[[ EXERCISE MATERIAL, beginning ]]
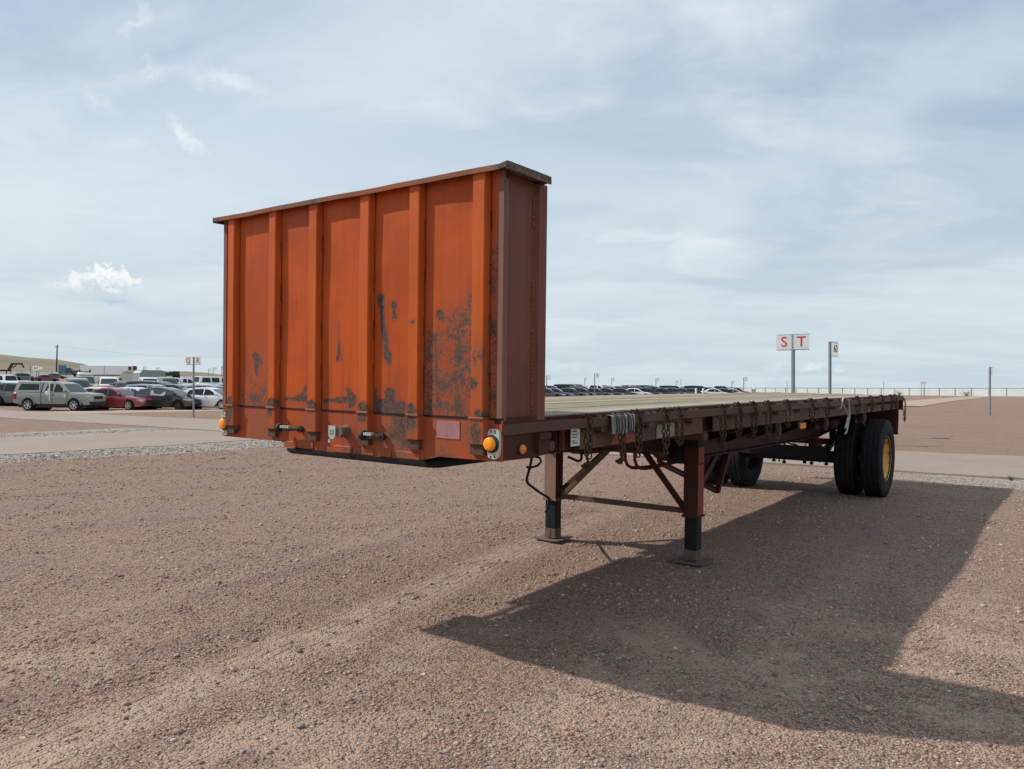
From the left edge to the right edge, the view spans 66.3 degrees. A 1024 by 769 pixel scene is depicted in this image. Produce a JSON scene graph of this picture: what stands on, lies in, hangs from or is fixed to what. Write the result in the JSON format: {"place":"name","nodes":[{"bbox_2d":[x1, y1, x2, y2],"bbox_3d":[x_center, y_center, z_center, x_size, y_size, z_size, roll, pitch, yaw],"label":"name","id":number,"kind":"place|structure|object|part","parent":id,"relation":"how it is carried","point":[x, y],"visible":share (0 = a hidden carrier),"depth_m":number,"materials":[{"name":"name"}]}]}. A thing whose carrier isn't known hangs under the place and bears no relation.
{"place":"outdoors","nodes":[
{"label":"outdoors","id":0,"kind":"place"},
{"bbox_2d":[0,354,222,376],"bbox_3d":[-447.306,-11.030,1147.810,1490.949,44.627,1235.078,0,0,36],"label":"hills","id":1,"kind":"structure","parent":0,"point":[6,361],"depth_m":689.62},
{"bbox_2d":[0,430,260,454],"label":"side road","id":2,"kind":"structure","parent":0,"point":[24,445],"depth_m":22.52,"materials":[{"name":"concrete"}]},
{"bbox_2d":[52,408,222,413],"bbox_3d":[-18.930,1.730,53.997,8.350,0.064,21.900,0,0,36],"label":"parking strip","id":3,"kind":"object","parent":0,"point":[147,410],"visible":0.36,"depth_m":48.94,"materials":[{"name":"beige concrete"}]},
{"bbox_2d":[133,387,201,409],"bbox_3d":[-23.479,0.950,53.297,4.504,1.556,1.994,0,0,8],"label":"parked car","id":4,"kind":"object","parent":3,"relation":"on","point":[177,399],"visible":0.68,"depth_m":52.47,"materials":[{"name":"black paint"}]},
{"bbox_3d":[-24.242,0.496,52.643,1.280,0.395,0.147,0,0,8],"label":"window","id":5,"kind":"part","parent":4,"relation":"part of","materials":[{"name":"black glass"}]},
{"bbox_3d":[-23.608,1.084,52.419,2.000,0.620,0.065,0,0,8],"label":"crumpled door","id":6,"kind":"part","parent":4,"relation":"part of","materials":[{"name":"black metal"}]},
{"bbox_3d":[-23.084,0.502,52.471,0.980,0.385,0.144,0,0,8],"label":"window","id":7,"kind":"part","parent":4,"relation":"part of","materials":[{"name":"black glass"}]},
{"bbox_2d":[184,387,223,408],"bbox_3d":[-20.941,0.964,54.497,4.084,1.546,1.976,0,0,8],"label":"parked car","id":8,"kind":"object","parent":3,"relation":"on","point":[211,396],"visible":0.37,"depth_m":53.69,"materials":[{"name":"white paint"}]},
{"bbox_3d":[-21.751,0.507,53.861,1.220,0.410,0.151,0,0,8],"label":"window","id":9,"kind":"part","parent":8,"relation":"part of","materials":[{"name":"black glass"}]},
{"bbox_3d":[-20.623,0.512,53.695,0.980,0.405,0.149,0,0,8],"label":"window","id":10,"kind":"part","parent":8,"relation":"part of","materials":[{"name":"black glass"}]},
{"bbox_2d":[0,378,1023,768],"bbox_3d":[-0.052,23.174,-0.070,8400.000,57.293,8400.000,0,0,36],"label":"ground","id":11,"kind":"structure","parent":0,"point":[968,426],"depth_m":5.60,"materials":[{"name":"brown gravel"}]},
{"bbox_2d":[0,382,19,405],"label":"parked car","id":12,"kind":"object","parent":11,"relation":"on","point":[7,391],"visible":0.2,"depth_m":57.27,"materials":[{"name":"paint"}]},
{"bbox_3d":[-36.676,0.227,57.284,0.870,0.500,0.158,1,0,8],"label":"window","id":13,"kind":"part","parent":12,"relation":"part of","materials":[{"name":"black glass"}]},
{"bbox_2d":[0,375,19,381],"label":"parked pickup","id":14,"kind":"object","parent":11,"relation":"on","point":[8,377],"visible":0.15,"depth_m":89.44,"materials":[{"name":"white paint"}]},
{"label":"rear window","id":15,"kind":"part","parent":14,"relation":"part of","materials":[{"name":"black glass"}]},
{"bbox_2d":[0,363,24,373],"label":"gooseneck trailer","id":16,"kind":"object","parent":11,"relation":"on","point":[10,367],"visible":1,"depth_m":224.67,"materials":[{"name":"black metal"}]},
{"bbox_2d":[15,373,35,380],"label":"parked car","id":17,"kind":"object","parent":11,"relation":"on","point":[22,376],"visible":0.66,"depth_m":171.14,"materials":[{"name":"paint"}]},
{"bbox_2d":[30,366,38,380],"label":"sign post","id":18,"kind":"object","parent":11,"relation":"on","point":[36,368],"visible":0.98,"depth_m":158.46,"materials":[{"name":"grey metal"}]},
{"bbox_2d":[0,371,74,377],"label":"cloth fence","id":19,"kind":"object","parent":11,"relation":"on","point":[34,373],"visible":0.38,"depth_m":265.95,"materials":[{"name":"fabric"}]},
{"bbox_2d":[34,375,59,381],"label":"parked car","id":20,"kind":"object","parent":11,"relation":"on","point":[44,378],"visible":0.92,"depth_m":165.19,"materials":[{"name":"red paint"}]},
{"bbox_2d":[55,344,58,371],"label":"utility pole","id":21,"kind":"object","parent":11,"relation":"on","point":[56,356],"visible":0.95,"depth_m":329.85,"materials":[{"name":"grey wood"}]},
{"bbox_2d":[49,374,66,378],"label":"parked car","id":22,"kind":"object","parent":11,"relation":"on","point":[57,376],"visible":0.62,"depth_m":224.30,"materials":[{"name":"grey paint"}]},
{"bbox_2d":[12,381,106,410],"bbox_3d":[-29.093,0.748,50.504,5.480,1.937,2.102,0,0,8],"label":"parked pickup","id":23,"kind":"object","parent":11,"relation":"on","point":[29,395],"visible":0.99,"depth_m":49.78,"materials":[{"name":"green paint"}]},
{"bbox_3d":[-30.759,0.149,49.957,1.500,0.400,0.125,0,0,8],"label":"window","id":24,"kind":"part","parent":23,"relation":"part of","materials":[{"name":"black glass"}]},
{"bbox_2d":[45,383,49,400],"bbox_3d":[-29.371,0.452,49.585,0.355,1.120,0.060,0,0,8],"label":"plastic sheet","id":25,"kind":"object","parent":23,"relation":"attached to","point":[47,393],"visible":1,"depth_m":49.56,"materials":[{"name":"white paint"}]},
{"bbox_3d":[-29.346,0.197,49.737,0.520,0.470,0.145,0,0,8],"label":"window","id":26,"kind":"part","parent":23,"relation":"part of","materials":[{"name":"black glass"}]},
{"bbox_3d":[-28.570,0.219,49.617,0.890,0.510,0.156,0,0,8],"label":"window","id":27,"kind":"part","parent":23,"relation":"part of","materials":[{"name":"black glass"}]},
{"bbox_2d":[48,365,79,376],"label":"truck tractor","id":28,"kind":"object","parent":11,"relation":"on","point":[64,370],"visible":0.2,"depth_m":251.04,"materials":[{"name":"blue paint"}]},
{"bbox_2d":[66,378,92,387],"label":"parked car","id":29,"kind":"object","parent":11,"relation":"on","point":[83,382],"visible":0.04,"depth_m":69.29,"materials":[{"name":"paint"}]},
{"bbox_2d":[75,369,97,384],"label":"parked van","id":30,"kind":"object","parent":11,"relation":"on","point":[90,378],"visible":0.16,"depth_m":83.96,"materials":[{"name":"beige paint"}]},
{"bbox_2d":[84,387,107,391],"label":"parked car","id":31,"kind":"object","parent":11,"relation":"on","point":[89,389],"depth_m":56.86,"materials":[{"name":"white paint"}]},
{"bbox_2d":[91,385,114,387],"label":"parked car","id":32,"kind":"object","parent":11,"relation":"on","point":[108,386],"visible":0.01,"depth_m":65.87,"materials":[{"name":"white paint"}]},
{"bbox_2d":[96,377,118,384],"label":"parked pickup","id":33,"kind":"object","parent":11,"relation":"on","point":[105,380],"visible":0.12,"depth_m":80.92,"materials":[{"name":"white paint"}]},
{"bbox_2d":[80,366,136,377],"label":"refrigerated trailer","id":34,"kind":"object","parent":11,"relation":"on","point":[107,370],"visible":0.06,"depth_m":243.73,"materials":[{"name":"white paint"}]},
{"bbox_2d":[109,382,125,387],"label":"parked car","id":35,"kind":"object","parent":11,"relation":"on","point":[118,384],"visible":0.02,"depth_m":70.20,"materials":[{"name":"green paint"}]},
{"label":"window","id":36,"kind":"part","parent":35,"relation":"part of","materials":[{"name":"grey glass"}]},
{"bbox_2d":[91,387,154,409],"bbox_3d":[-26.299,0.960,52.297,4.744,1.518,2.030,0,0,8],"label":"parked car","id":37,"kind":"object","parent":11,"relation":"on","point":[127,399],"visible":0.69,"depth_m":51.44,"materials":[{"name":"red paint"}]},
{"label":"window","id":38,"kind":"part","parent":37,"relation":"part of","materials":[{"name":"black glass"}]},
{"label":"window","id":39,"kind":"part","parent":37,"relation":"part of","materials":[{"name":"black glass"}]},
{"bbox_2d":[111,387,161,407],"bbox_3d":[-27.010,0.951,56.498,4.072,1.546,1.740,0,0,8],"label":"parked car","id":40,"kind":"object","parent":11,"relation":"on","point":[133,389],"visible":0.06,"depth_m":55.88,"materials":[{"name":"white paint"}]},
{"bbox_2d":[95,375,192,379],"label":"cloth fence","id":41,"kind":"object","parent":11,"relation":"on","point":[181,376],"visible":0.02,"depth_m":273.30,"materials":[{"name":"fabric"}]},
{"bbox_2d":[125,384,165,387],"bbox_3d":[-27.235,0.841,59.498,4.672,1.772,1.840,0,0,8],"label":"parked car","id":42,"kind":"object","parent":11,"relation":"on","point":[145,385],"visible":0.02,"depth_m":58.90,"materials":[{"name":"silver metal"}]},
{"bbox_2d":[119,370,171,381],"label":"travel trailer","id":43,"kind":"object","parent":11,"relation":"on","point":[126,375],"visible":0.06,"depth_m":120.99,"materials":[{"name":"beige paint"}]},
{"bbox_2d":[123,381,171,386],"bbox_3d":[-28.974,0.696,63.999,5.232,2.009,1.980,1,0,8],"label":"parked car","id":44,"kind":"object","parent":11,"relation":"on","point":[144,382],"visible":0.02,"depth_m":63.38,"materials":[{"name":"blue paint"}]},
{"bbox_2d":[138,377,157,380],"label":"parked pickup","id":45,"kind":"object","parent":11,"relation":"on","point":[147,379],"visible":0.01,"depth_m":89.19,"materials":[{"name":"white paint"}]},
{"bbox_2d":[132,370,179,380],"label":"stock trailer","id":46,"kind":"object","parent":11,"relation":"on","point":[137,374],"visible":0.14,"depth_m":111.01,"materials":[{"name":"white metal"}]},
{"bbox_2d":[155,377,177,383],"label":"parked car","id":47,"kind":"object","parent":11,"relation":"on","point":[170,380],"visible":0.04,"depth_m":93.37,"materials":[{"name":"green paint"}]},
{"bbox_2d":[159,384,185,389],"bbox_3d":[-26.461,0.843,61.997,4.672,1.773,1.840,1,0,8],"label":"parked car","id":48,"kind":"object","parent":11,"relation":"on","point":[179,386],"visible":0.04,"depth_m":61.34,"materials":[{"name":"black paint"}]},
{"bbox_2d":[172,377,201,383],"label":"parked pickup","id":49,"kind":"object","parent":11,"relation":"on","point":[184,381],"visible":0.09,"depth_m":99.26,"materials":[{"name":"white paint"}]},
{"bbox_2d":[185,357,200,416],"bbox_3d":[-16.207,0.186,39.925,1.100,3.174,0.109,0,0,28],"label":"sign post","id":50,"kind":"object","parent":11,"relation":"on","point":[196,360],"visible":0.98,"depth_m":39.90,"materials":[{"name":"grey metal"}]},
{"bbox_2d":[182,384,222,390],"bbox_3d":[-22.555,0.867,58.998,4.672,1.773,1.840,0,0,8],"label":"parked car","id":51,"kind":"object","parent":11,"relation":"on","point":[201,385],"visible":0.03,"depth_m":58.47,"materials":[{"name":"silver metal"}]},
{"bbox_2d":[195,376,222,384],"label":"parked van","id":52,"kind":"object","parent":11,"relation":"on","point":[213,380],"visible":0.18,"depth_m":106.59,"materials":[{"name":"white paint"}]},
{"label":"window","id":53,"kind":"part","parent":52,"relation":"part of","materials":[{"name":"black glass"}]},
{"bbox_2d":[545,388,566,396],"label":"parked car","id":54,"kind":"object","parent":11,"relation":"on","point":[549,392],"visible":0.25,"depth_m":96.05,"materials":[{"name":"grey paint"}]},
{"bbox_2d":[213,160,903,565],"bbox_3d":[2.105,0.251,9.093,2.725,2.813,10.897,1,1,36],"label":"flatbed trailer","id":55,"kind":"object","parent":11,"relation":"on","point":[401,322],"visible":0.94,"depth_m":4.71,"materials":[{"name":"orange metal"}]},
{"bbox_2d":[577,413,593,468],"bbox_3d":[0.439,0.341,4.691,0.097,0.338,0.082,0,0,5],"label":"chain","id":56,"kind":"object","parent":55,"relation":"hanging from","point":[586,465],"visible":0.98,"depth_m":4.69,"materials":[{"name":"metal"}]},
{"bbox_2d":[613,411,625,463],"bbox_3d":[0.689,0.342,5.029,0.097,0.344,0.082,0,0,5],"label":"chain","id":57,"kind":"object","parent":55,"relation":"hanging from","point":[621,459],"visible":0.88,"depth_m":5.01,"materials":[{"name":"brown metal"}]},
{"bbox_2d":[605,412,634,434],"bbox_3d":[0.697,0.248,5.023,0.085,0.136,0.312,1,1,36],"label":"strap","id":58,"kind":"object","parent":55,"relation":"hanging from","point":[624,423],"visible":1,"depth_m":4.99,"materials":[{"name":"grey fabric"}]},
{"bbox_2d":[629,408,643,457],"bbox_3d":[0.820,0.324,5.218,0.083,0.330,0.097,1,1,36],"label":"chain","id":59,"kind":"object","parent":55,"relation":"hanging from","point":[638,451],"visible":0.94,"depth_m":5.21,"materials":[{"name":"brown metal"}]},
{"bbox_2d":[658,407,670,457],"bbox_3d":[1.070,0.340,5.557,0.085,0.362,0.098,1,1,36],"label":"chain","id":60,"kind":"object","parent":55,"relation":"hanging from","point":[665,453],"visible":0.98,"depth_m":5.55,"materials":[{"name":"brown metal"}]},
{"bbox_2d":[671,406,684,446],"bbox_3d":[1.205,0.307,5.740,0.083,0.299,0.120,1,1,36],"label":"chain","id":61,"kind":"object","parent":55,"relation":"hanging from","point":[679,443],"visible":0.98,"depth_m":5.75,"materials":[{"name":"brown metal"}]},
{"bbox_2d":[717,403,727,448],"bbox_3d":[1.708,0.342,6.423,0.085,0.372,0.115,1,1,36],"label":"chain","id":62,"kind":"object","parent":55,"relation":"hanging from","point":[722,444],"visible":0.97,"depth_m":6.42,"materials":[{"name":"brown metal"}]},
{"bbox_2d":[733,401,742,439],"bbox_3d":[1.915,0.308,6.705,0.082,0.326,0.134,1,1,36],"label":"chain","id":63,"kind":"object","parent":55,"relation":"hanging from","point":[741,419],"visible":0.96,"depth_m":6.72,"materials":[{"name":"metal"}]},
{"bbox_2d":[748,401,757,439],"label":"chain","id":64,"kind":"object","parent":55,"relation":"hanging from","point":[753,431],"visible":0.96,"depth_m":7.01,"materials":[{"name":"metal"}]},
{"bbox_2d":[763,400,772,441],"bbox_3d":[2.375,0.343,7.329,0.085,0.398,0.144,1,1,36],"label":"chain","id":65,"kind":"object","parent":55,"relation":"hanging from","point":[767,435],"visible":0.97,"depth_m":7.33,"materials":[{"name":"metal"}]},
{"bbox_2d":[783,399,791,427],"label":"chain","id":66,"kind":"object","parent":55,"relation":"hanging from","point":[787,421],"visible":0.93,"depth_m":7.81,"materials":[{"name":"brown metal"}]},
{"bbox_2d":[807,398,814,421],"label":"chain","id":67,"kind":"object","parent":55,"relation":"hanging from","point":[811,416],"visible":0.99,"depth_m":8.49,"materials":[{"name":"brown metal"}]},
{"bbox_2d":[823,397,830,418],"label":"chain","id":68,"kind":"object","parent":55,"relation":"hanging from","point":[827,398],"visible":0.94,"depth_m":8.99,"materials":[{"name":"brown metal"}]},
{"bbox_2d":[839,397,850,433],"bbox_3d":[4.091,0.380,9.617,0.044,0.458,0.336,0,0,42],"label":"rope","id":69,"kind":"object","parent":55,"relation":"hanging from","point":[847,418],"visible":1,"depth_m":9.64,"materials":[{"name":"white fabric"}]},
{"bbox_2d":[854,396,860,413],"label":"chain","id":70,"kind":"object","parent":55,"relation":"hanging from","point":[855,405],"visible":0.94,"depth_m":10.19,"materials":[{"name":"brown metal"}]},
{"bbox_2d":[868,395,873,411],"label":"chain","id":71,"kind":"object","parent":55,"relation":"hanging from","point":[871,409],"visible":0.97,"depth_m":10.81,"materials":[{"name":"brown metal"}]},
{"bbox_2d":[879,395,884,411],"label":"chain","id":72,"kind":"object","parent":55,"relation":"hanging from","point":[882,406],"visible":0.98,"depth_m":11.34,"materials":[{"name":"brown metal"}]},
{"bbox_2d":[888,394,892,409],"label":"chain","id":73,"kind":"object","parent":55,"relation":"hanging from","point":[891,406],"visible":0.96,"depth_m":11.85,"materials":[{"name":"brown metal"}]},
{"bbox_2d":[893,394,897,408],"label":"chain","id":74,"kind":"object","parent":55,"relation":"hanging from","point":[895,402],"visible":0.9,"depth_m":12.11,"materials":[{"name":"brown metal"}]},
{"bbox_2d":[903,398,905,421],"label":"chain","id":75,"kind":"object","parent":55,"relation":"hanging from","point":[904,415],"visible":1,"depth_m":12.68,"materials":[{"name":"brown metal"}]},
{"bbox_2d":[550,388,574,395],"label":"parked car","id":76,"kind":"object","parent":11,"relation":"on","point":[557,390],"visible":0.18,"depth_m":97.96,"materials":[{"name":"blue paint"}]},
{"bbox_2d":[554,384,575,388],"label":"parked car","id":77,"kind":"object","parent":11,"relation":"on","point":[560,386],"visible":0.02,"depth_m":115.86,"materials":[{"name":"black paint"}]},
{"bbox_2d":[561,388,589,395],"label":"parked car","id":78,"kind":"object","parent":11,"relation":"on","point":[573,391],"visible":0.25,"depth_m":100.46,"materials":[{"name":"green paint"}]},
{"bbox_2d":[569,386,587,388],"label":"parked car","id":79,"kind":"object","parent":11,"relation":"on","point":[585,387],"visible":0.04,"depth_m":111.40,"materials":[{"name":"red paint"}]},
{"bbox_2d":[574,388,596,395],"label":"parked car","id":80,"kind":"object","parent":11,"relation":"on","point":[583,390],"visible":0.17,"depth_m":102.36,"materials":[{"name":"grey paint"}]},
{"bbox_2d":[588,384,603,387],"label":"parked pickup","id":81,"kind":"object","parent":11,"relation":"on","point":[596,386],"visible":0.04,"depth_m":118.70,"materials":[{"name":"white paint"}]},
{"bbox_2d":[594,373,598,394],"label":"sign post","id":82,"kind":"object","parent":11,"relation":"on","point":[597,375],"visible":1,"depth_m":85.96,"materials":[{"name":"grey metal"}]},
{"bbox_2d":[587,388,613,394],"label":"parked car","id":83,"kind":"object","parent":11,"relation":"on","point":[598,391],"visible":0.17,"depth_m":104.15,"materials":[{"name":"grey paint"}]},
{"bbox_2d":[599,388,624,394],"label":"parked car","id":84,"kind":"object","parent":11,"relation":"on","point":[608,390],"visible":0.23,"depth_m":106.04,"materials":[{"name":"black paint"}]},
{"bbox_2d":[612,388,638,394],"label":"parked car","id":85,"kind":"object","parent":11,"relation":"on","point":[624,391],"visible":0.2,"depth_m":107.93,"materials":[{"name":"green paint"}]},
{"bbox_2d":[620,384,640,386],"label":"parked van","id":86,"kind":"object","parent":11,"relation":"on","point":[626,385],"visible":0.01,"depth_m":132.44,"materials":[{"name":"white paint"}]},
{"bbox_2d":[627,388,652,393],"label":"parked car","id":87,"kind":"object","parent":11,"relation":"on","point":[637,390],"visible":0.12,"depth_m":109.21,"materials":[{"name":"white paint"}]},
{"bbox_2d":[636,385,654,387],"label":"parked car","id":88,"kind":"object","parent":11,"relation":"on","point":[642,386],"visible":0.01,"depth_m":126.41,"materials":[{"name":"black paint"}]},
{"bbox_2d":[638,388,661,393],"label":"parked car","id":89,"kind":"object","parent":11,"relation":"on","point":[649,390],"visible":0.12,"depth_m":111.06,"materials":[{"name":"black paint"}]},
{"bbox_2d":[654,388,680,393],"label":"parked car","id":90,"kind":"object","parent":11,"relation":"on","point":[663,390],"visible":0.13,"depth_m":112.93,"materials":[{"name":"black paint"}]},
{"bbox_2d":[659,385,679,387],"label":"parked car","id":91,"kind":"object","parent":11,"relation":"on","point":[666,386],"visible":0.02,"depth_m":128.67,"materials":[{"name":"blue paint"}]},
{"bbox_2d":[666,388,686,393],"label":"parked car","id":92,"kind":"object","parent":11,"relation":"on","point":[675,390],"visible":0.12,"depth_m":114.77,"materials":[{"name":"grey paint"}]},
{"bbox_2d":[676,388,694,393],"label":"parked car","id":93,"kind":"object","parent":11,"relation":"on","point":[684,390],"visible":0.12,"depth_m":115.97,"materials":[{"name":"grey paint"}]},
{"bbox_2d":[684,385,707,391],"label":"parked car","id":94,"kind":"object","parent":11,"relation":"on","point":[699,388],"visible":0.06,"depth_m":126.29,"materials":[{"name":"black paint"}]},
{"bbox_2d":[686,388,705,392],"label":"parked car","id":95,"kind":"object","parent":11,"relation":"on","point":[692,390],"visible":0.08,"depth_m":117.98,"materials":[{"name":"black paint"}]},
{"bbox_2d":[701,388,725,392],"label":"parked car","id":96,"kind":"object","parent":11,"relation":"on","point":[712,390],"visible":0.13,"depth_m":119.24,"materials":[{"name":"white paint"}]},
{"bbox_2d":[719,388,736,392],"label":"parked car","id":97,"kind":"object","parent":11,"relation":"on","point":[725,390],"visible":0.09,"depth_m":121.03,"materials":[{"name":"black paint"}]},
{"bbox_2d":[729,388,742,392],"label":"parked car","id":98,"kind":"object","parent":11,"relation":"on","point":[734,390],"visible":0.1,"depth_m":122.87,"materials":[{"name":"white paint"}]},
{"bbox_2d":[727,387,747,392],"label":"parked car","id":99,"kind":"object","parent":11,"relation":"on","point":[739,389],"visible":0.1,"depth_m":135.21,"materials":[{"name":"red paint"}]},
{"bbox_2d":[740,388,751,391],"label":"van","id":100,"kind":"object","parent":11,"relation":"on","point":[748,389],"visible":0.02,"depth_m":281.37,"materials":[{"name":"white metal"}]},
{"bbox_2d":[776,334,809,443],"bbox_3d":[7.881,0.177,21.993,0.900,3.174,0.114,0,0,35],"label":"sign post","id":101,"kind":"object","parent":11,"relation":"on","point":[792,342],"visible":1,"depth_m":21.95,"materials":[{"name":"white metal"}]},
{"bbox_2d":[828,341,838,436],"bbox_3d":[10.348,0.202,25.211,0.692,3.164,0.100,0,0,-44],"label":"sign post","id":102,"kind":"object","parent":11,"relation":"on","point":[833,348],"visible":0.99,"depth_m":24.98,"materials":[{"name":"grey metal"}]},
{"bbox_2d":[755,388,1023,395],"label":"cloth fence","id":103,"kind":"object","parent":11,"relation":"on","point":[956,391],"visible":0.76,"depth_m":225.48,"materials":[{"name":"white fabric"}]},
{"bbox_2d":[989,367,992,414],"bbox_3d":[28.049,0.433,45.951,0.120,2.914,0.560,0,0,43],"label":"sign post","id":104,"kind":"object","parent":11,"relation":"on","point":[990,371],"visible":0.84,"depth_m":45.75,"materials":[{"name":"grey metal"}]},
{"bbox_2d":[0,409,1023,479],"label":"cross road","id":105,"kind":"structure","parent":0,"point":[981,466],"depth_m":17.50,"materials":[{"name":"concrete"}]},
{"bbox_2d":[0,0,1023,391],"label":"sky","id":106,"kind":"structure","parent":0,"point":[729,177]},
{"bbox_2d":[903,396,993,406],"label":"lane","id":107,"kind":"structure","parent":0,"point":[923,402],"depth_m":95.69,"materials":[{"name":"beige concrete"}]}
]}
[[ EXERCISE MATERIAL, end ]]
_TASK ITEM_.
Go through the entries above and report every line in which the word "outdoors" appears.

_ANSWER SPACE_.
{"place":"outdoors","nodes":[
{"label":"outdoors","id":0,"kind":"place"},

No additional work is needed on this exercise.